Yüzde 100 yerli sermaye ile 1963’te kurulan Bisan’ın temel maksadı, evvel Avrupa’da sonrasında ise global pazarda liderlik. Beş yıl evvel markayı satın alan Ali Orçun Bal’ın idaresindeki yeni grupla kelam konusu gaye doğrultusunda yatırımlarını hızlandıran marka, son 5 yılda 500 milyon liralık yatırım gerçekleştirdi ve yüzde 100’ün üzerinde büyüme kaydetti.
İzmir Kemalpaşa’daki 25 bin metrekaresi kapalı olmak üzere 46 bin metrekare toplam alan üzerine konseyi tesisinde çelik ve alüminyum takım üretimini bir ortada yapabilen Bisan; Ar-Ge, sürdürülebilirlik, robotik, sanayi 4.0 ve satış sonrası hizmet bahislerinde da yatırımlara devam ediyor. Günlük bisiklet üretim adedi 2 binin üzerinde bulunan markanın yıllık kapasite ise yaklaşık 1 milyon adet.
“Global bir marka çıkarma inancıyla çalışıyoruz”
Markanın gelecek periyot maksat ve yatırım planlarını paylaşan Bisan CEO’su Ali Orçun Bal, önceliklerinin Avrupa olduğunu söyledi.
Üretimin Bisan’ın kalbi olduğunu söz eden Bal, “Montaj sanayi ile dünyaya açılamayacağımızı biliyoruz. Hasebiyle üretime her vakit daha fazla yatırım yapma uğraşındayız. Son 4 yılda yalnızca makinelerimiz için 100 milyon TL bedelinde yatırım yaptık. Robot yatırımların da için de olduğu toplam yatırım bedelimiz ise 500 milyon TL. 2021 yılı Şubat ayında ise ileri teknoloji içeren ekipman ve nitelikli işgücü kullanımı manasına gelen, kusur oranını en aza indiren üretimde yalın dönüşüme de start verdik. Teknolojiye ve makinelere yaptığımız yatırımlar sayesinde bugün Türkiye’nin çelik ve alüminyum kadroyu bir ortada üretebilen tek bisiklet fabrikası pozisyonuna geldik. Artık bu donanımlı tesisten Türk ismi taşıyan küresel bir marka çıkarma inancıyla çalışıyoruz.” dedi.

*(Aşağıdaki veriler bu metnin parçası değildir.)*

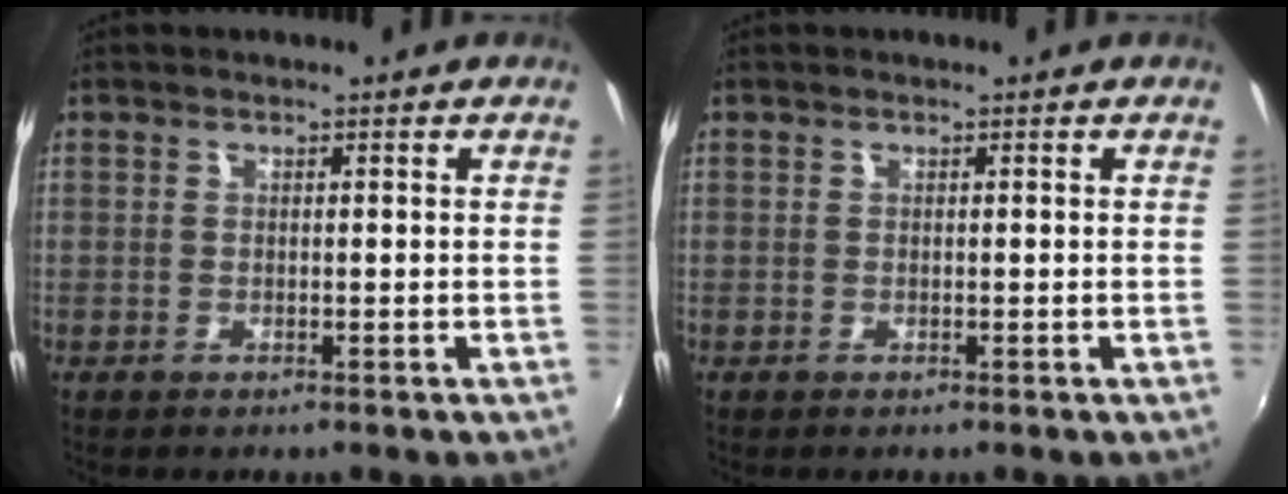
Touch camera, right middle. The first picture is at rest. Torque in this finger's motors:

“Tüm Avrupa’yı biz domine etmek istiyoruz”
Bisan olarak bugün Almanya, İtalya, Yunanistan, ABD, İsveç, Finlandiya ve Danimarka üzere ülkelere ihracat yaptıklarını bildiren Bal, evvel Avrupa Birliği’nde (AB), sonra da global pazarda tanınmış bir Türk markası olmayı hedeflediklerini söyledi.
Avrupa bisiklet pazarında çok süratli bir büyümenin yaşandığına dikkat çeken Bal, “Yılda 22 milyon adet bisiklet satılıyor. Bu sayının yarısı Uzak Doğu’dan ithal ediliyor. Avrupa’dan ithal edilen bu 10 milyonluk pazarı Bisan olarak biz domine etmek istiyoruz. Avrupa’daki bu gayemizi gerçekleştirmek ismine Almanya’da 13 farklı eyalette bayilik oluşturacağız. Almanya’nın dünyaya açılmamız konusunda pilot ülke olacağına inanıyoruz. Uzak Doğu’dan Türkiye’ye kaydıracağımız bu talebin akabinde maksat dünya pazarı.” formunda konuştu.
Bazı modellerde yerlilik oranını yüzde 70’e çıkardı
Ürünlerindeki yerlilik oranlarına ait de bilgi veren Bal, şunları kaydetti: “Katma kıymetli eser ihracatı planlıyorsak ve rekabeti büyütme hedefindeysek yerlilik oranımızı artırmak gerektiğine inanıyoruz. Bu bağlamda son 3,5 yıldır çok önemli yerlilik projelerine imza attık. Kimi bisiklet modellerimizi yüzde 70’e kadar yerlileştirdik. Bu hem rekabet gücümüzü artırıyor hem de ülkemize daha fazla döviz girdisi sağlıyor.”